About this task » Verbatim transcription with images omitted: return the entries below in full.

[Dataset excerpts]
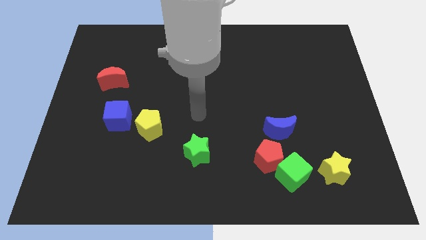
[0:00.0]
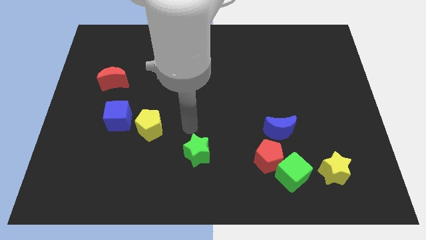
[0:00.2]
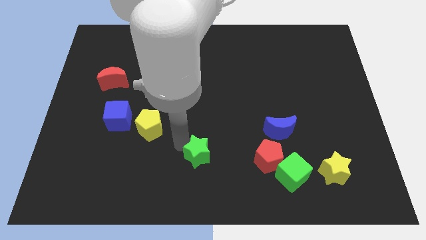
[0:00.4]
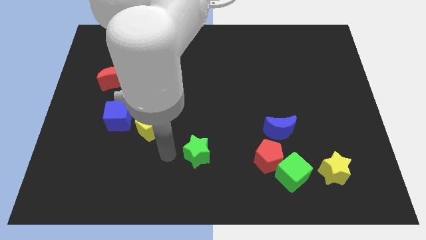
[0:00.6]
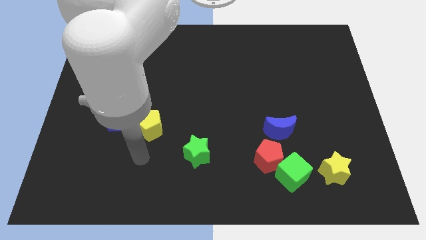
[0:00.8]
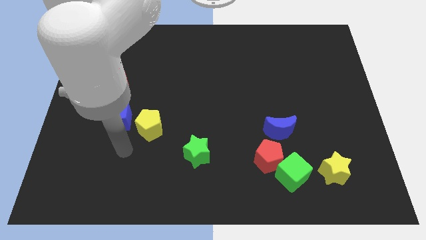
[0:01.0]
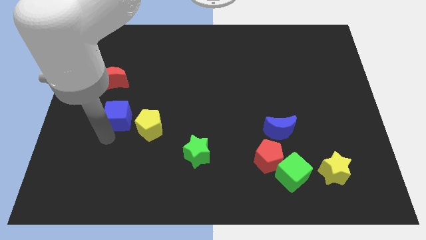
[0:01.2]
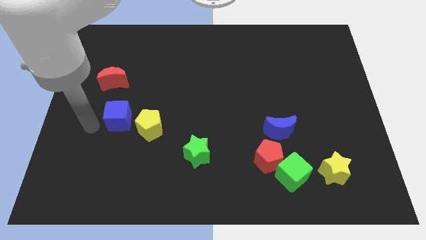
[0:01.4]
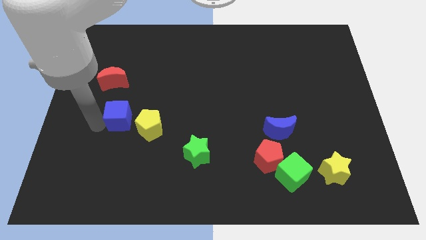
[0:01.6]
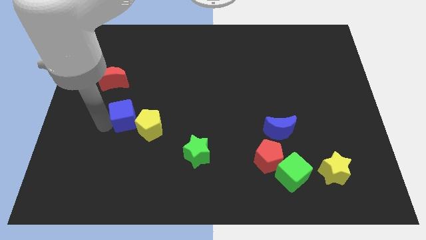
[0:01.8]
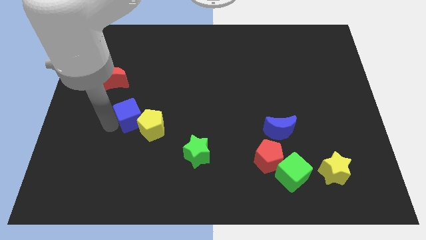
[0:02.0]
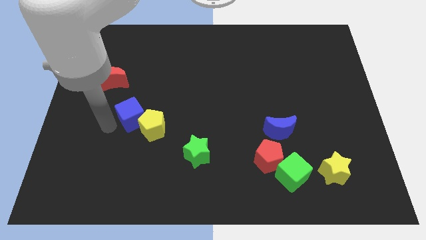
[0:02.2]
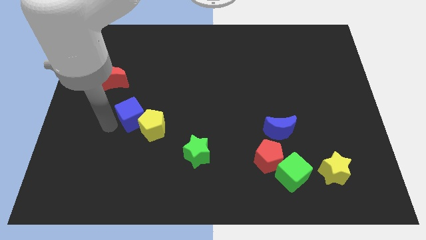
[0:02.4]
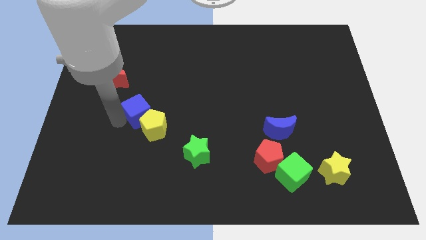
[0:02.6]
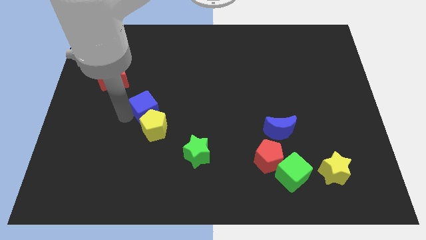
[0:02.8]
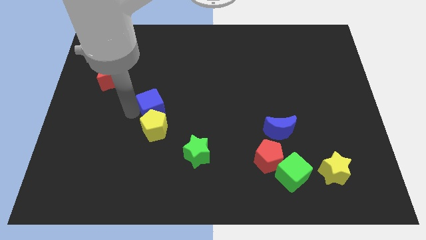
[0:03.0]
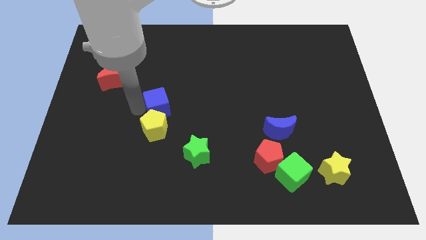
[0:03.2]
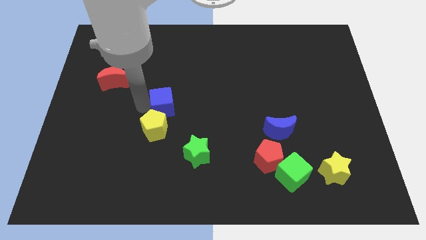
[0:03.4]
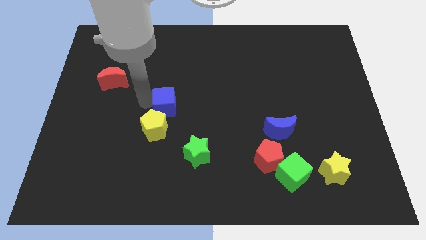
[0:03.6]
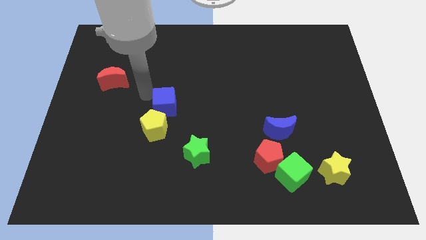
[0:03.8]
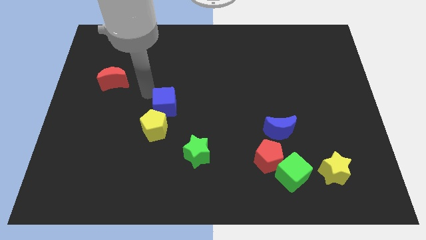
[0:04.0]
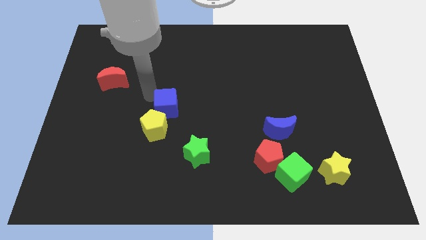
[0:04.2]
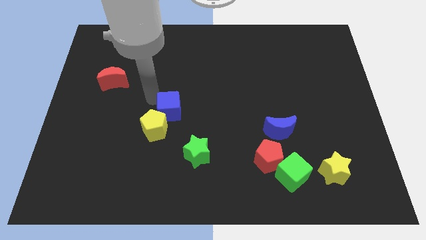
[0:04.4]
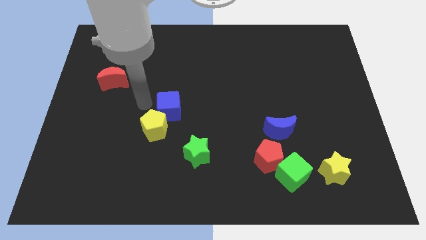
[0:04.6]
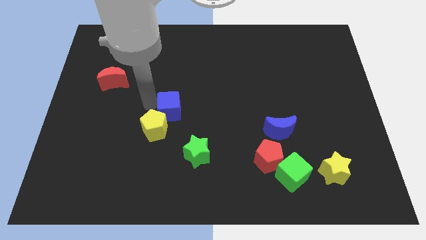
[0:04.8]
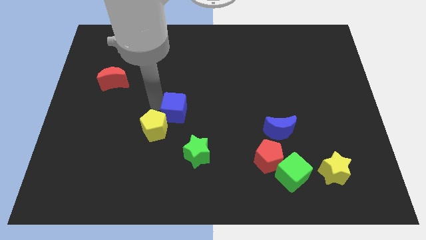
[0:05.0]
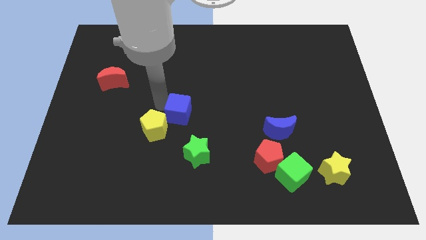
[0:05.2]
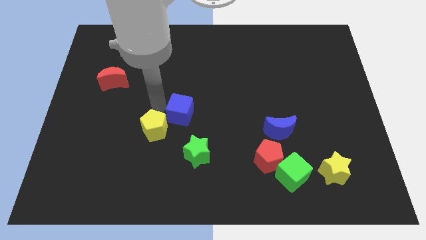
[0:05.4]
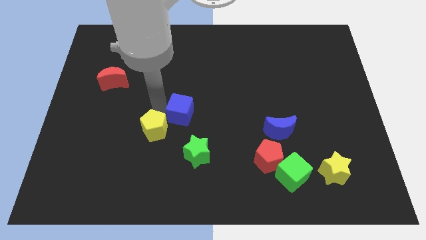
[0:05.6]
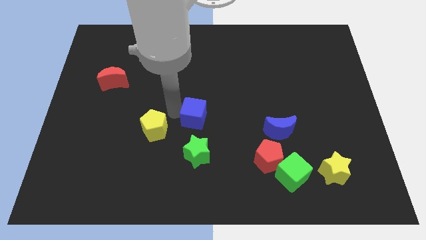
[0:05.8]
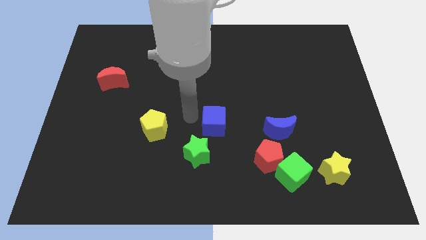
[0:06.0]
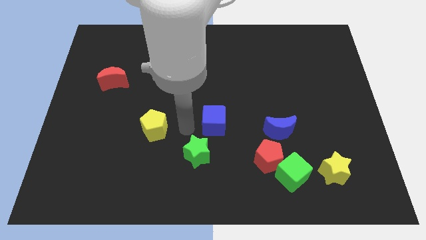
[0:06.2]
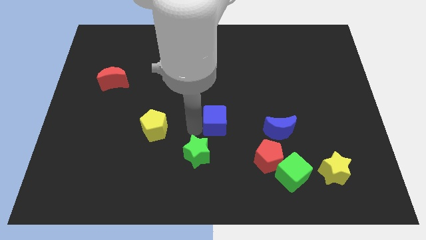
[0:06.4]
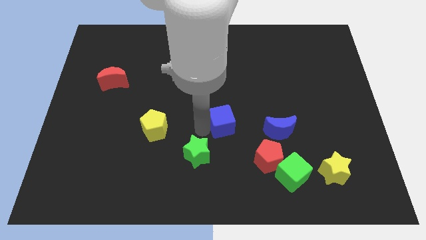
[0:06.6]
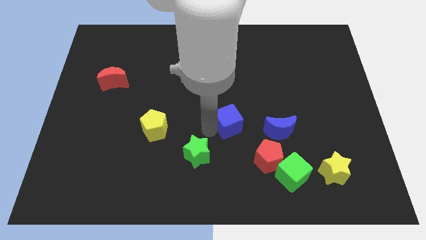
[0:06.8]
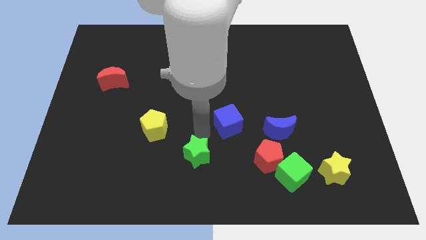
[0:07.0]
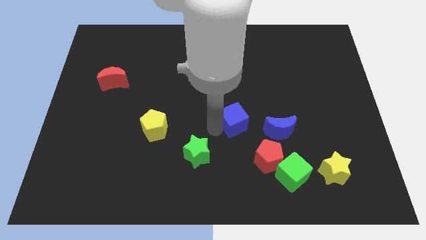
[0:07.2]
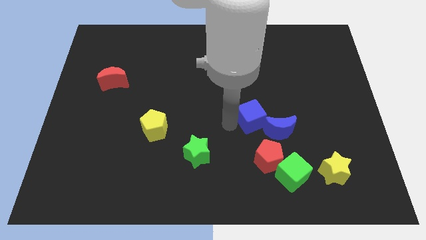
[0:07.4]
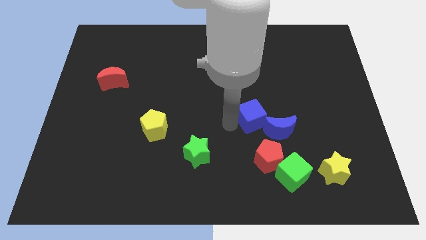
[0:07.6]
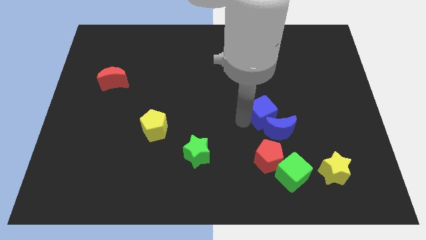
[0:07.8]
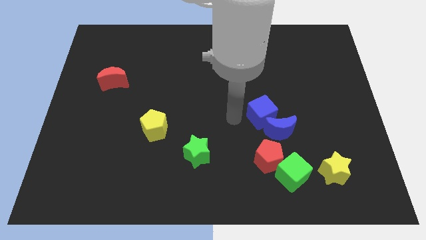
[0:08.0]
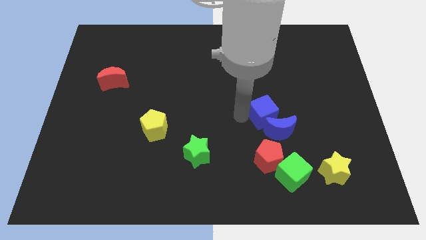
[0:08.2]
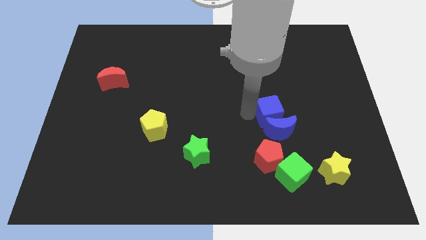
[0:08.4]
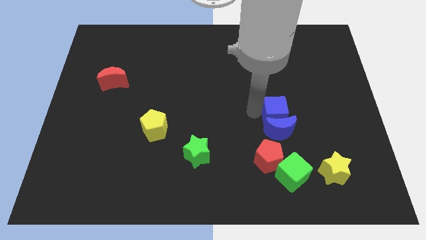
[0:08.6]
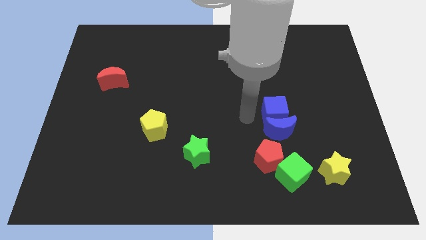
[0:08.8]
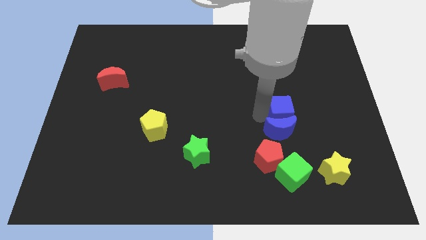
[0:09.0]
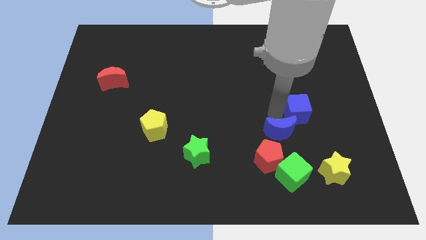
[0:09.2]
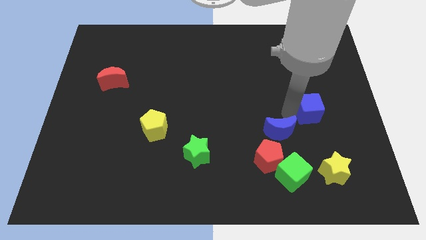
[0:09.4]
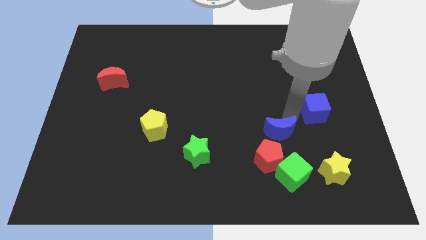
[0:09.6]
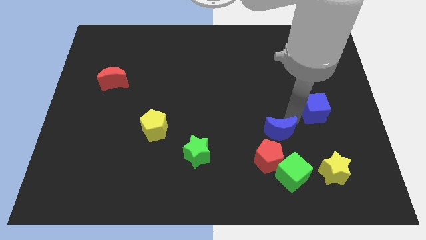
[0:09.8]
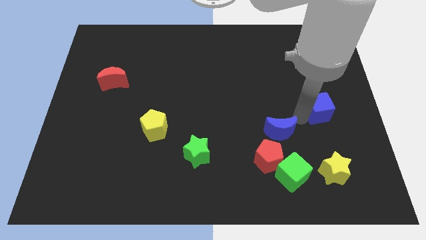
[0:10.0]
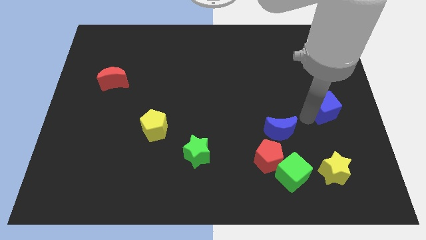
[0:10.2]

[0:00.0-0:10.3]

Exercise response »
[0:00.0]
[0:00.2]
[0:00.4]
[0:00.6]
[0:00.8]
[0:01.0]
[0:01.2]
[0:01.4]
[0:01.6]
[0:01.8]
[0:02.0]
[0:02.2]
[0:02.4]
[0:02.6]
[0:02.8]
[0:03.0]
[0:03.2]
[0:03.4]
[0:03.6]
[0:03.8]
[0:04.0]
[0:04.2]
[0:04.4]
[0:04.6]
[0:04.8]
[0:05.0]
[0:05.2]
[0:05.4]
[0:05.6]
[0:05.8]
[0:06.0]
[0:06.2]
[0:06.4]
[0:06.6]
[0:06.8]
[0:07.0]
[0:07.2]
[0:07.4]
[0:07.6]
[0:07.8]
[0:08.0]
[0:08.2]
[0:08.4]
[0:08.6]
[0:08.8]
[0:09.0]
[0:09.2]
[0:09.4]
[0:09.6]
[0:09.8]
[0:10.0]
[0:10.2]

[0:00.0-0:10.3]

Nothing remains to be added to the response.